◆ PROMPT
Reproduce the listing in full, pictures excluded.

◆ DATA SEGMENT
__________________________________________________

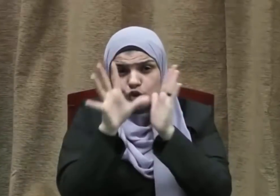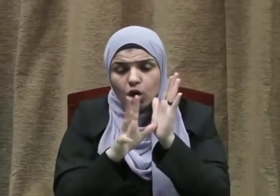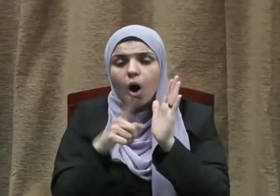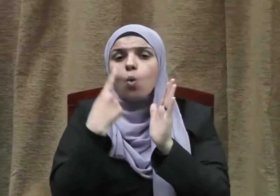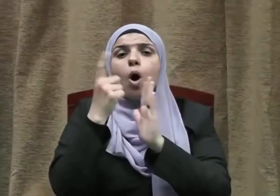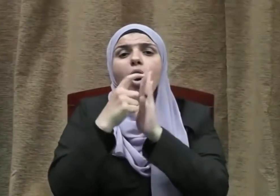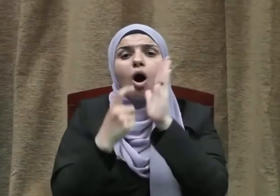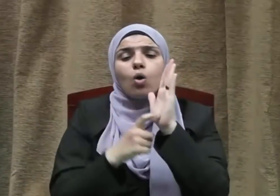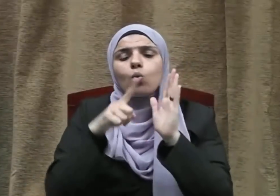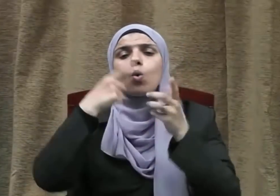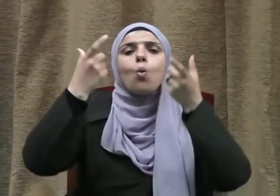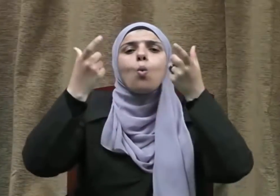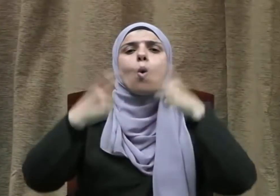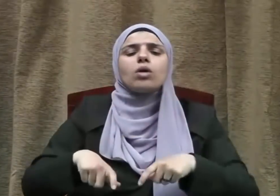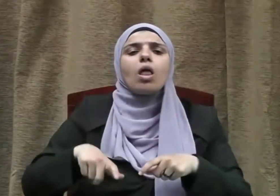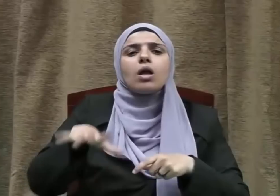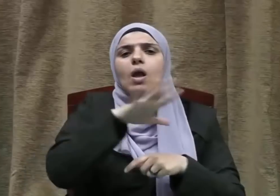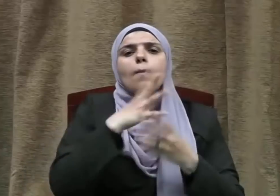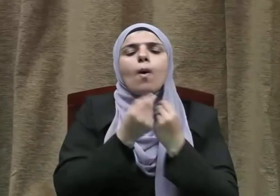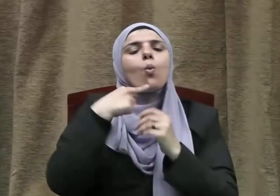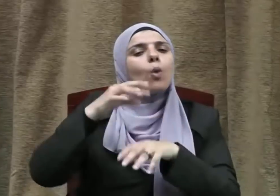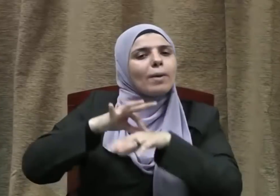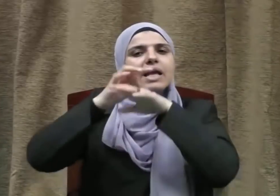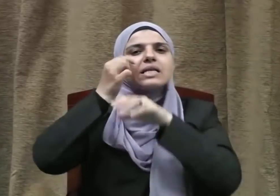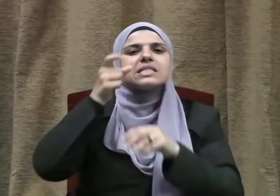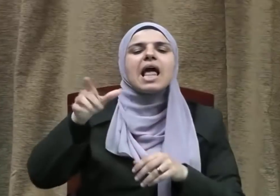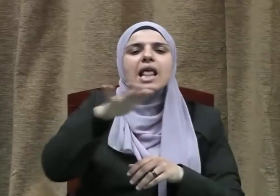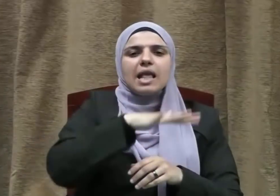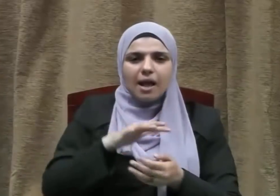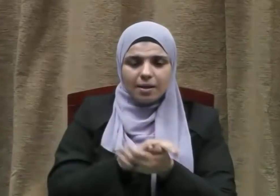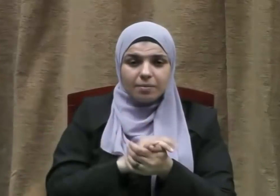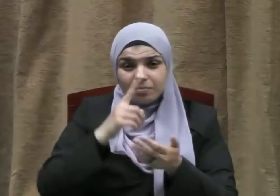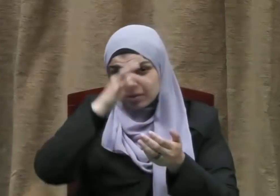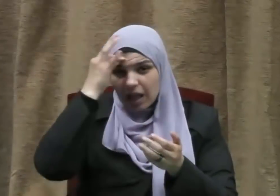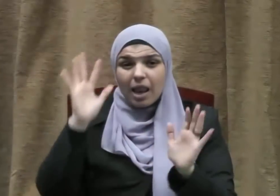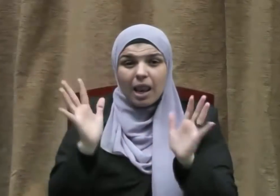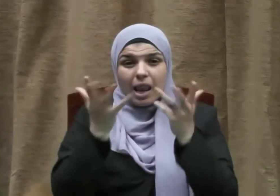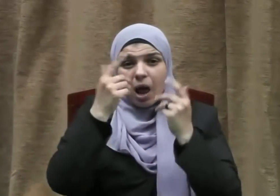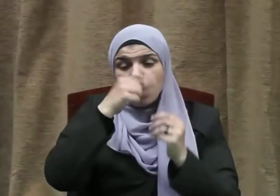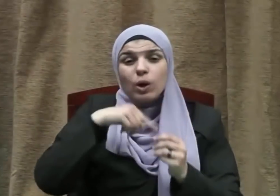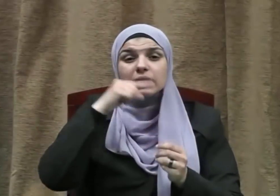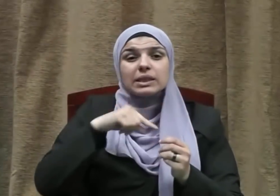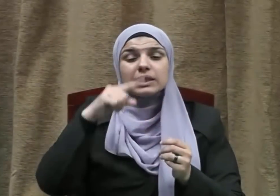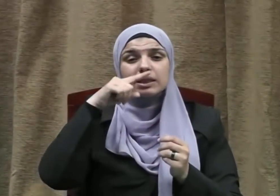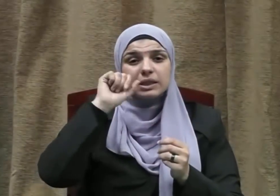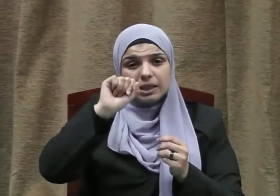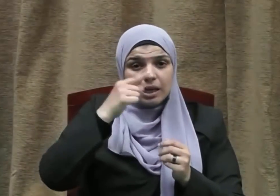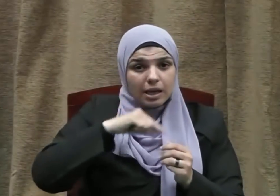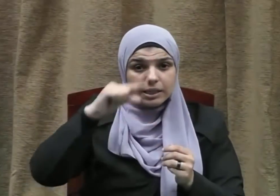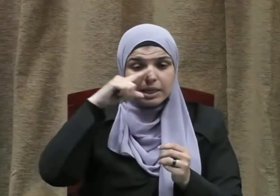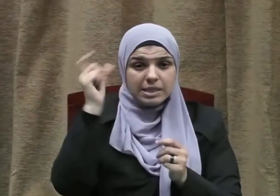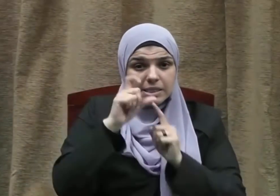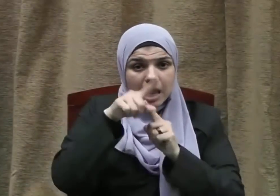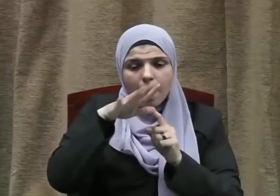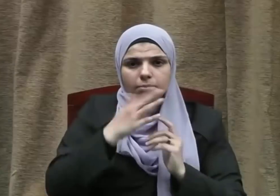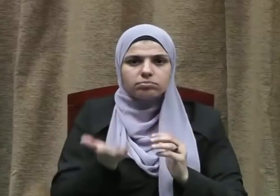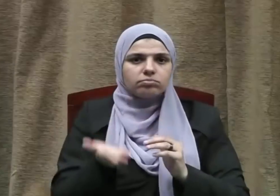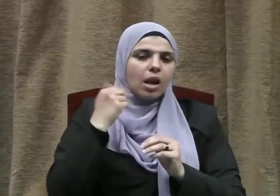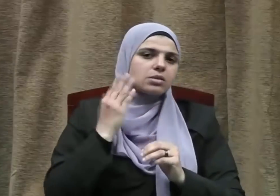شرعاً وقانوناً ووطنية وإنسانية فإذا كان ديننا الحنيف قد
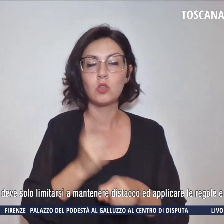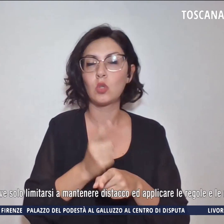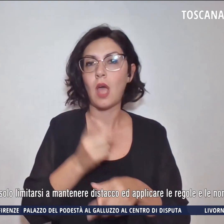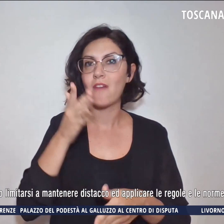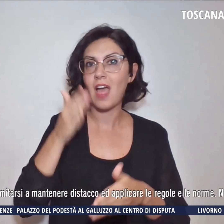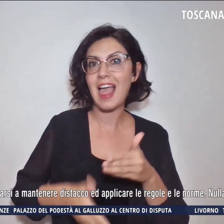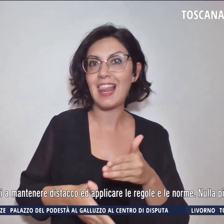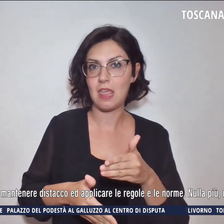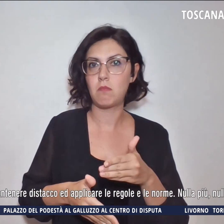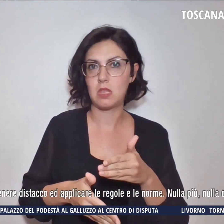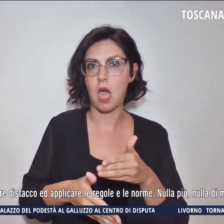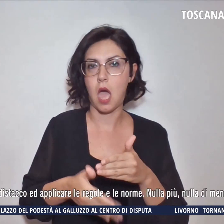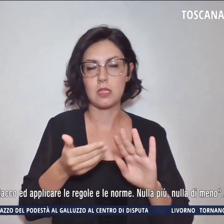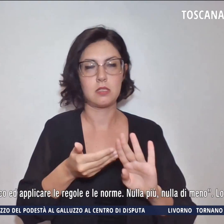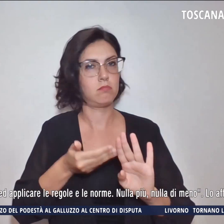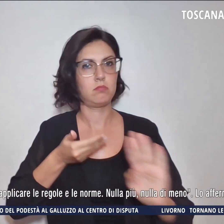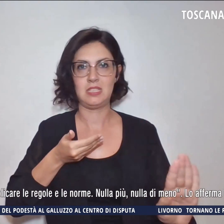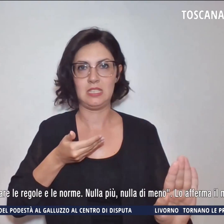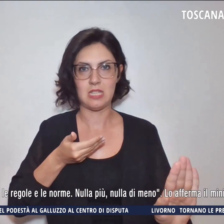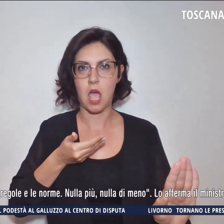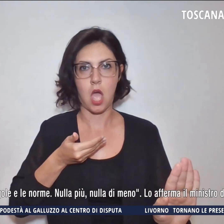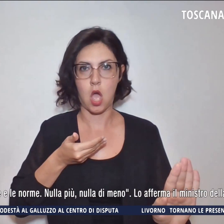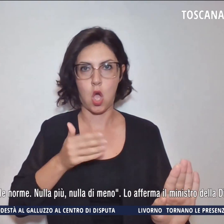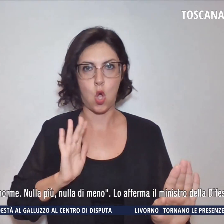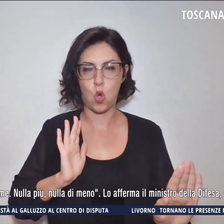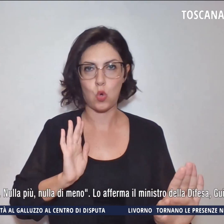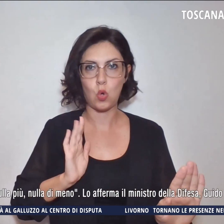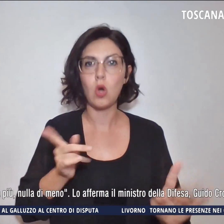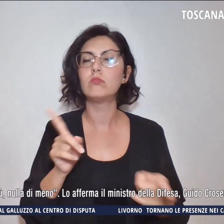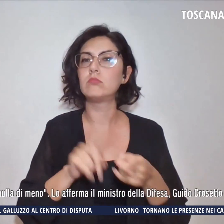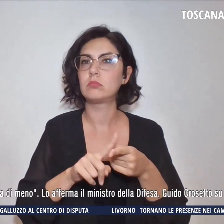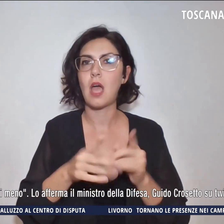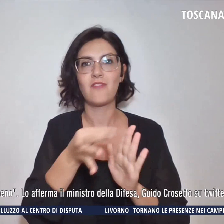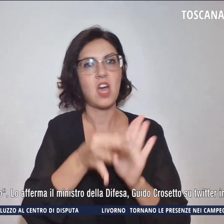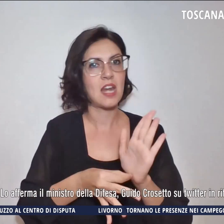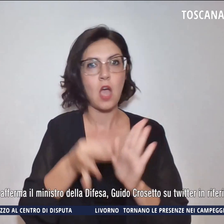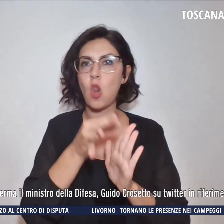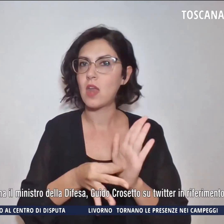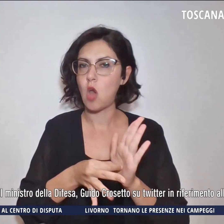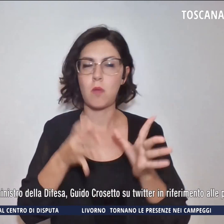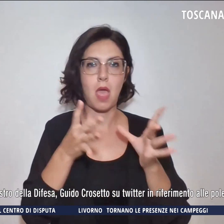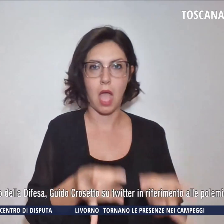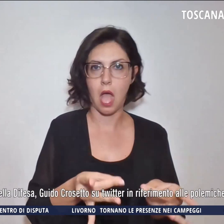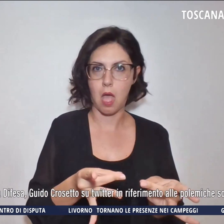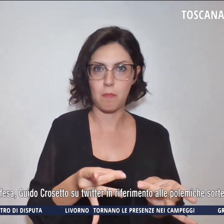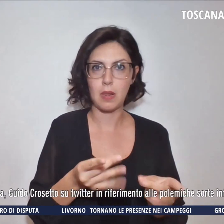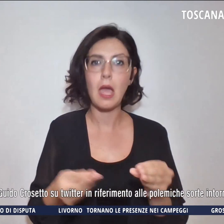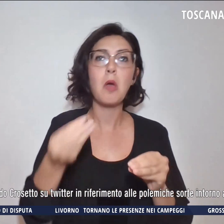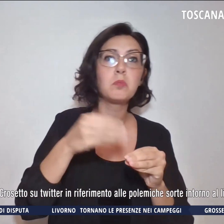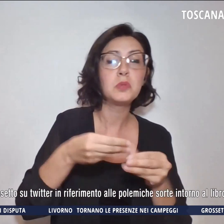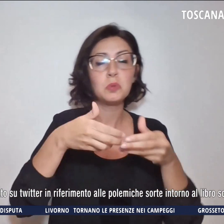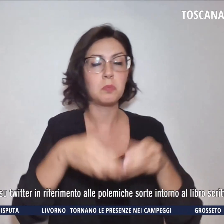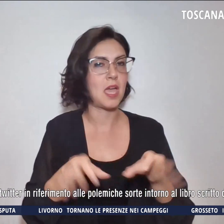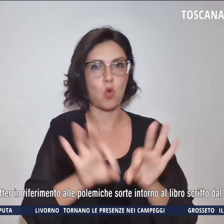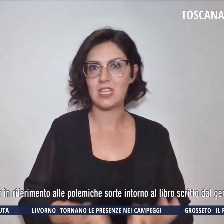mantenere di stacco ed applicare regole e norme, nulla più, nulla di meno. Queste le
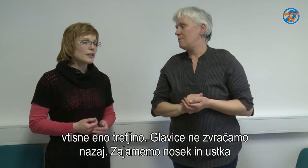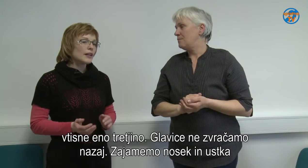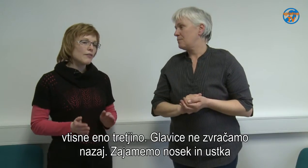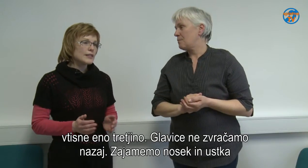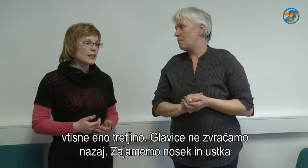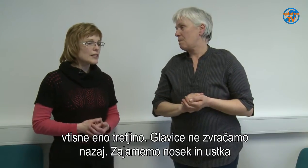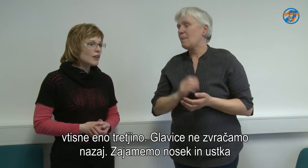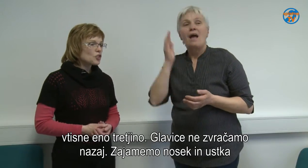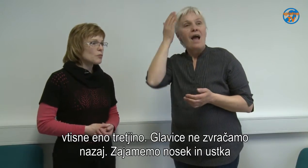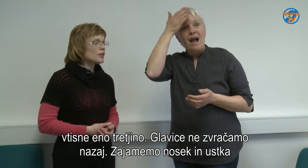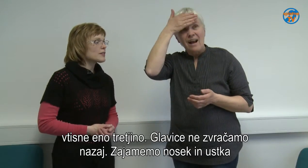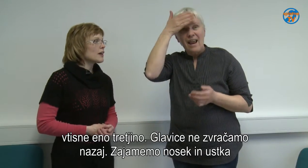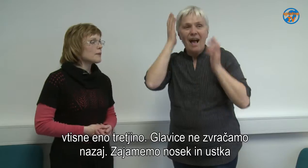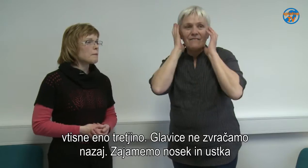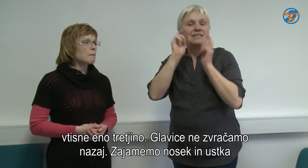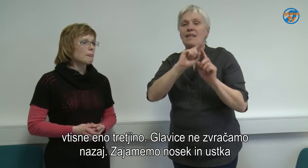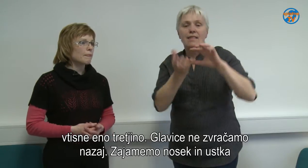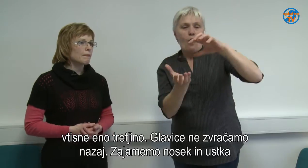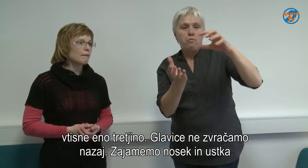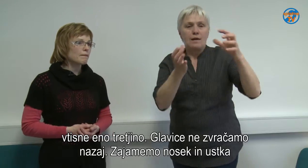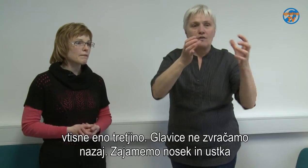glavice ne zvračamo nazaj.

__________________________________________________

◆ SOLVED EXERCISE
شرعاً وقانوناً ووطنية وإنسانية فإذا كان ديننا الحنيف قد
mantenere di stacco ed applicare regole e norme, nulla più, nulla di meno. Queste le
glavice ne zvračamo nazaj.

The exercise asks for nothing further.